© YKAN

Kupang, 30 September 2019 - Untuk mendukung percepatan pengembangan rumput laut di Provinsi Nusa Tenggara Timur (NTT), Dinas Kelautan dan Perikanan Provinsi NTT bersama Yayasan Konservasi Alam Nusantara (YKAN), afiliasi dari The Nature Conservancy (TNC), menyelenggarakan workshop Percepatan Pengembangan Rumput Laut Berkelanjutan di Provinsi Nusa Tenggara Timur. Acara tersebut diselenggarakan di Kupang, pada 30 September 2019, dihadiri oleh para pemangku kepentingan yang terkait dengan pengembangan rumput laut di Provinsi NTT.

Budidaya rumput laut telah berkembang luas menjadi salah satu komoditas strategis yang memberikan kontribusi signifikan terhadap peningkatan ekonomi masyarakat pesisir. Sentra produksi rumput laut di NTT antara lain di Kabupaten Kupang, Rote Ndao, Sabu Raijua, dan Sumba Timur yang sebagian wilayah perairannya merupakan kawasan konservasi.

Kualitas rumput laut sangat dipengaruhi oleh kesehatan ekosistem perairan. Salah satu tantangan pengembangan rumput laut di NTT adalah dari sisi ekologis. Banyak lahan untuk budidaya rumput laut tumpang tindih dengan habitat alami dari padang lamun dan terumbu karang. Keberadaan padang lamun sebagai salah satu habitat vital di pesisir, selain mangrove dan terumbu karang, penting demi kelangsungan sumber daya perikanan. Berkurangnya tutupan lamun dalam suatu perairan mempengaruhi kualitas perairan maupun biota-biota laut yang hidup di sekitarnya.  

“Sangat penting untuk mengembangkan rumput laut secara berkelanjutan. Dengan kata lain, proses produksi atau budidaya rumput laut harus memperhatikan aspek ekologi untuk menjamin keberlanjutan produksi,” jelas Direktur Program Kelautan YKAN I TNC Muhammad Ilman.

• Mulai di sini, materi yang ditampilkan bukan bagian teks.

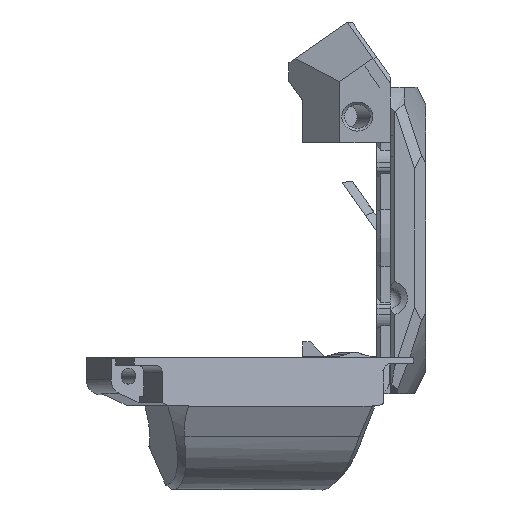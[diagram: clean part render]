
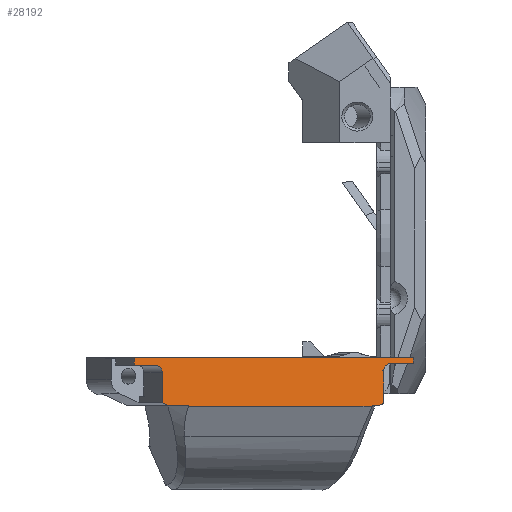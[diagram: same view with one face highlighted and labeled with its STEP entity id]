
A CAD part, left-side view. The second image highlights one B-rep face of the part: STEP entity #28192.
In plain terms, the highlighted planar face has unit normal (-0.94, -0.342, 0).
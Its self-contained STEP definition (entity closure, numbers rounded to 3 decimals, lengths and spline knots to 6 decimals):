
#1610=CIRCLE('',#29964,0.001);
#1612=CIRCLE('',#29969,0.017795);
#1619=CIRCLE('',#30021,0.001);
#6471=ORIENTED_EDGE('',*,*,#12634,.T.);
#6472=ORIENTED_EDGE('',*,*,#12657,.F.);
#6473=ORIENTED_EDGE('',*,*,#12395,.F.);
#6474=ORIENTED_EDGE('',*,*,#12658,.T.);
#6475=ORIENTED_EDGE('',*,*,#12659,.T.);
#6476=ORIENTED_EDGE('',*,*,#12660,.T.);
#6477=ORIENTED_EDGE('',*,*,#12661,.T.);
#6478=ORIENTED_EDGE('',*,*,#12662,.F.);
#6479=ORIENTED_EDGE('',*,*,#12653,.T.);
#6480=ORIENTED_EDGE('',*,*,#12529,.F.);
#6481=ORIENTED_EDGE('',*,*,#12518,.F.);
#6482=ORIENTED_EDGE('',*,*,#12516,.T.);
#6483=ORIENTED_EDGE('',*,*,#12513,.F.);
#6484=ORIENTED_EDGE('',*,*,#12522,.F.);
#6485=ORIENTED_EDGE('',*,*,#12383,.F.);
#6486=ORIENTED_EDGE('',*,*,#12528,.F.);
#12383=EDGE_CURVE('',#15862,#15863,#18405,.T.);
#12395=EDGE_CURVE('',#15874,#15875,#18417,.T.);
#12513=EDGE_CURVE('',#15959,#15960,#18523,.T.);
#12516=EDGE_CURVE('',#15962,#15960,#1610,.T.);
#12518=EDGE_CURVE('',#15962,#15963,#18526,.T.);
#12522=EDGE_CURVE('',#15863,#15959,#18530,.T.);
#12528=EDGE_CURVE('',#15968,#15862,#1612,.T.);
#12529=EDGE_CURVE('',#15963,#15969,#18532,.T.);
#12634=EDGE_CURVE('',#15968,#16031,#18626,.T.);
#12653=EDGE_CURVE('',#16045,#15969,#18644,.T.);
#12657=EDGE_CURVE('',#15875,#16031,#18648,.T.);
#12658=EDGE_CURVE('',#15874,#16048,#18649,.T.);
#12659=EDGE_CURVE('',#16048,#16049,#18650,.T.);
#12660=EDGE_CURVE('',#16049,#16050,#1619,.T.);
#12661=EDGE_CURVE('',#16050,#16051,#18651,.T.);
#12662=EDGE_CURVE('',#16045,#16051,#18652,.T.);
#15862=VERTEX_POINT('',#48083);
#15863=VERTEX_POINT('',#48085);
#15874=VERTEX_POINT('',#48107);
#15875=VERTEX_POINT('',#48109);
#15959=VERTEX_POINT('',#48398);
#15960=VERTEX_POINT('',#48400);
#15962=VERTEX_POINT('',#48406);
#15963=VERTEX_POINT('',#48410);
#15968=VERTEX_POINT('',#48481);
#15969=VERTEX_POINT('',#48485);
#16031=VERTEX_POINT('',#48686);
#16045=VERTEX_POINT('',#48726);
#16048=VERTEX_POINT('',#48735);
#16049=VERTEX_POINT('',#48737);
#16050=VERTEX_POINT('',#48739);
#16051=VERTEX_POINT('',#48741);
#18405=LINE('',#48084,#21402);
#18417=LINE('',#48108,#21414);
#18523=LINE('',#48399,#21520);
#18526=LINE('',#48409,#21523);
#18530=LINE('',#48416,#21527);
#18532=LINE('',#48484,#21529);
#18626=LINE('',#48687,#21623);
#18644=LINE('',#48725,#21641);
#18648=LINE('',#48733,#21645);
#18649=LINE('',#48734,#21646);
#18650=LINE('',#48736,#21647);
#18651=LINE('',#48740,#21648);
#18652=LINE('',#48742,#21649);
#21402=VECTOR('',#33992,1.);
#21414=VECTOR('',#34004,1.);
#21520=VECTOR('',#34186,1.);
#21523=VECTOR('',#34197,1.);
#21527=VECTOR('',#34203,1.);
#21529=VECTOR('',#34213,1.);
#21623=VECTOR('',#34391,1.);
#21641=VECTOR('',#34423,1.);
#21645=VECTOR('',#34429,1.);
#21646=VECTOR('',#34430,1.);
#21647=VECTOR('',#34431,1.);
#21648=VECTOR('',#34434,1.);
#21649=VECTOR('',#34435,1.);
#24065=EDGE_LOOP('',(#6471,#6472,#6473,#6474,#6475,#6476,#6477,#6478,#6479,
#6480,#6481,#6482,#6483,#6484,#6485,#6486));
#25633=FACE_BOUND('',#24065,.T.);
#26800=PLANE('',#30020);
#28192=ADVANCED_FACE('',(#25633),#26800,.T.);
#29964=AXIS2_PLACEMENT_3D('',#48405,#34192,#34193);
#29969=AXIS2_PLACEMENT_3D('',#48482,#34209,#34210);
#30020=AXIS2_PLACEMENT_3D('',#48732,#34427,#34428);
#30021=AXIS2_PLACEMENT_3D('',#48738,#34432,#34433);
#33992=DIRECTION('',(-0.342,0.94,0.));
#34004=DIRECTION('',(-0.342,0.94,0.));
#34186=DIRECTION('',(0.,0.,1.));
#34192=DIRECTION('',(0.94,0.342,0.));
#34193=DIRECTION('',(-0.342,0.94,0.));
#34197=DIRECTION('',(-0.342,0.94,0.));
#34203=DIRECTION('',(-0.313,0.861,0.402));
#34209=DIRECTION('',(0.94,0.342,0.));
#34210=DIRECTION('',(-0.311,0.855,-0.415));
#34213=DIRECTION('',(0.,0.,1.));
#34391=DIRECTION('',(0.342,-0.94,0.));
#34423=DIRECTION('',(-0.342,0.94,0.));
#34427=DIRECTION('',(-0.94,-0.342,0.));
#34428=DIRECTION('',(-0.342,0.94,0.));
#34429=DIRECTION('',(-0.208,0.572,-0.793));
#34430=DIRECTION('',(0.313,-0.861,0.402));
#34431=DIRECTION('',(0.,0.,1.));
#34432=DIRECTION('',(0.94,0.342,0.));
#34433=DIRECTION('',(-0.342,0.94,0.));
#34434=DIRECTION('',(0.342,-0.94,0.));
#34435=DIRECTION('',(0.,0.,-1.));
#48083=CARTESIAN_POINT('',(-0.036406,-0.002557,-0.009625));
#48084=CARTESIAN_POINT('',(-0.032202,-0.014109,-0.009625));
#48085=CARTESIAN_POINT('',(-0.037332,-0.000013,-0.009625));
#48107=CARTESIAN_POINT('',(-0.027071,-0.028204,-0.009625));
#48108=CARTESIAN_POINT('',(-0.032202,-0.014109,-0.009625));
#48109=CARTESIAN_POINT('',(-0.027368,-0.02739,-0.009625));
#48398=CARTESIAN_POINT('',(-0.037674,0.000927,-0.009186));
#48399=CARTESIAN_POINT('',(-0.037674,0.000927,-0.007125));
#48400=CARTESIAN_POINT('',(-0.037674,0.000927,-0.005125));
#48405=CARTESIAN_POINT('',(-0.038016,0.001866,-0.005125));
#48406=CARTESIAN_POINT('',(-0.038016,0.001866,-0.004125));
#48409=CARTESIAN_POINT('',(-0.030745,-0.01811,-0.004125));
#48410=CARTESIAN_POINT('',(-0.039042,0.004685,-0.004125));
#48416=CARTESIAN_POINT('',(-0.037982,0.001774,-0.008791));
#48481=CARTESIAN_POINT('',(-0.036396,-0.002585,-0.009692));
#48482=CARTESIAN_POINT('',(-0.030857,-0.017802,-0.002313));
#48484=CARTESIAN_POINT('',(-0.039042,0.004685,-0.004625));
#48485=CARTESIAN_POINT('',(-0.039042,0.004685,-0.003125));
#48686=CARTESIAN_POINT('',(-0.027385,-0.027341,-0.009692));
#48687=CARTESIAN_POINT('',(-0.037333,-0.000011,-0.009692));
#48725=CARTESIAN_POINT('',(-0.032202,-0.014109,-0.003125));
#48726=CARTESIAN_POINT('',(-0.025361,-0.032902,-0.003125));
#48732=CARTESIAN_POINT('',(-0.032202,-0.014109,0.011125));
#48733=CARTESIAN_POINT('',(-0.027376,-0.027365,-0.009659));
#48734=CARTESIAN_POINT('',(-0.026421,-0.029991,-0.008791));
#48735=CARTESIAN_POINT('',(-0.026815,-0.028909,-0.009296));
#48736=CARTESIAN_POINT('',(-0.026815,-0.028909,-0.00725));
#48737=CARTESIAN_POINT('',(-0.026815,-0.028909,-0.004875));
#48738=CARTESIAN_POINT('',(-0.026473,-0.029848,-0.004875));
#48739=CARTESIAN_POINT('',(-0.026473,-0.029848,-0.003875));
#48740=CARTESIAN_POINT('',(-0.032202,-0.014109,-0.003875));
#48741=CARTESIAN_POINT('',(-0.025361,-0.032902,-0.003875));
#48742=CARTESIAN_POINT('',(-0.025361,-0.032902,-0.004625));

Berdasarkan data Statistik Sumber Daya Laut dan Pesisir Kementerian Kelautan dan Perikanan 2018, NTT menjadi produsen rumput laut terbesar nasional pada 2013 dan saat ini merupakan produsen terbesar kedua dengan total produksi sejumlah 1.941.707 ton pada 2017. Kebijakan Pemerintah Provinsi NTT terkait pengembangan rumput laut sebagai salah satu komoditas andalan dalam skala besar terbilang realistis karena selaras dengan posisi yang telah dicapai Provinsi NTT beserta dengan potensinya, yaitu masih luasnya lahan yang sesuai untuk menjadi area baru pengembangan rumput laut.

Selain aspek peningkatan produksi, aspek daya saing dan nilai tambah juga  harus menjadi hal yang dipikirkan oleh seluruh pemangku kepentingan dalam pengembangan rumput laut. Selama ini, produk rumput laut Indonesia masih didominasi oleh produk dalam bentuk mentah. Baru sekitar 3-5% dari produk rumput laut Indonesia yang berbentuk produk olahan. Produk rumput laut Indonesia dalam bentuk mentah pun secara umum dinilai belum berkualitas tinggi karena proses produksi yang meliputi pembibitan, pembesaran serta penanganan pasca panen belum memenuhi standar.

“Laut merupakan masa depan kita. Momen ini sangat berharga karena menandakan sebuah langkah maju dalam pembangunan bidang kelautan dan perikanan di Provinsi NTT. Target produksi rumput laut yang dicanangkan oleh Pemerintah Provinsi NTT pada 2019 adalah 2,4 juta ton, seperti tertuang dalam Rencana Pembangunan Jangka Menengah Daerah (RPJMD) 2018-2023,” terang Kepala Dinas Kelautan dan Perikanan Provinsi NTT, Ganef Wurgiyanto.

Ganef menambahkan, agar hasilnya optimal, kebijakan percepatan pengembangan budidaya rumput laut secara berkelanjutan oleh Pemerintah Provinsi NTT membutuhkan kesepahaman, komitmen, dan peran strategis para pemangku kepentingan baik pembudidaya, dunia usaha, lembaga swadaya masyarakat, maupun unsur terkait lainnya. Sinergi ini demi tak lain untuk meningkatkan produksi, mutu, dan daya saing produk rumput laut dalam mendukung pembangunan daerah dan  kesejahteraan masyarakat NTT.